The resource_name_plural is used to define the path of the REST API endpoint, e.g.: api.aiod.eu/search/case_studies.

@property
def resource_class(self):
    return CaseStudy

The resource_class property contains a direct reference to the object it indexes, which is used when returning expanded responses from the ES query ("get all").

    @property
    def extra_indexed_fields(self) -> set[str]:
        return {"headline", "alternative_headline"}

The extra_indexed_fields property contains the fields of the entity that should be included in the index other than the global_indexed_fields found in the SearchRouter class.

    @property
    def linked_fields(self) -> set[str]:
        return {
            "alternate_name",
            "application_area",
            "industrial_sector",
            "research_area",
            "scientific_domain",
        }
The linked_fields property contains the fields of the entity which refer to external tables and should be included in the index.

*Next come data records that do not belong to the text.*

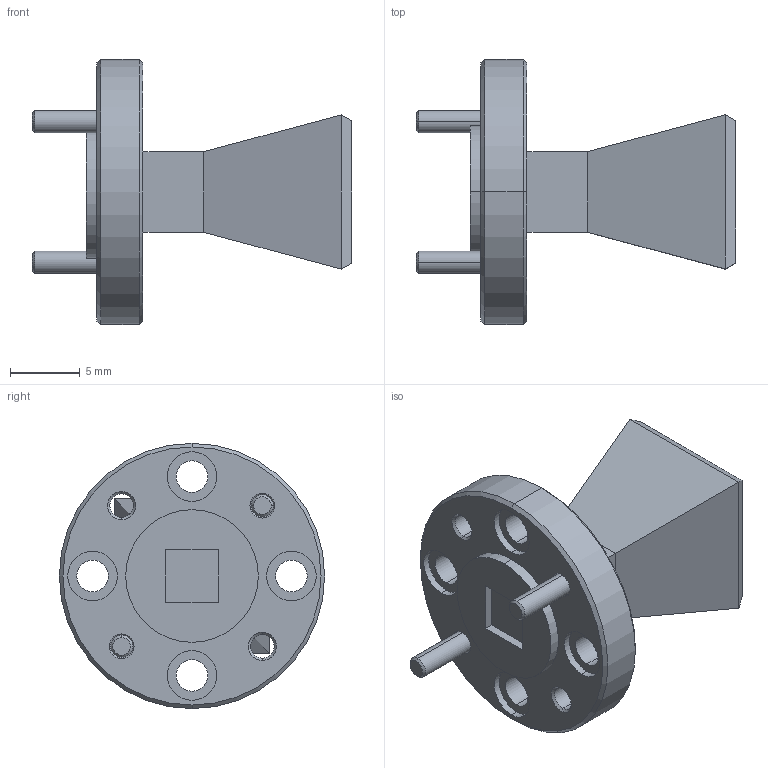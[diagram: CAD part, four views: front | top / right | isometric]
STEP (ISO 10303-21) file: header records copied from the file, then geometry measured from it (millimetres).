
FILE_DESCRIPTION (( 'STEP AP203' ), '1' );
FILE_NAME ('SAR-1530-15-S2-148.STEP', '2017-06-09T15:48:38', ( '' ), ( '' ), 'SwSTEP 2.0', 'SolidWorks 2013', '' );
FILE_SCHEMA (( 'CONFIG_CONTROL_DESIGN' ));
Length unit declared in the file: inch
Products named in the file (1): SAR-1530-15-S2-148
Bounding box: 22.93 x 19.05 x 19.05 mm (x, y, z)
Volume: 1878.7 mm3; surface area: 1539.9 mm2
Topology: 3 solids, 3 shells, 81 faces, 180 edges, 112 vertices
Faces by surface type: cylinder 32, plane 29, cone 20
Entity records: 2357 total; most frequent: DIRECTION 432, CARTESIAN_POINT 374, ORIENTED_EDGE 360, EDGE_CURVE 180, AXIS2_PLACEMENT_3D 170, VERTEX_POINT 112, EDGE_LOOP 104, VECTOR 92

By creating a new SearchRouter (and adding it to the router list), the script which generates the logstash files will automatically include it.

Configuration

Besides the aforementioned configuration files, the elastic search configuration is located at es/elasticsearch.yml, but shouldn't need much configuration. Some aspects of both Logstash and Elastic Search are to be configured through environment variables through the override.env file (defaults in .env). Most notable one of these are the password for Elastic Search and the JVM resource options.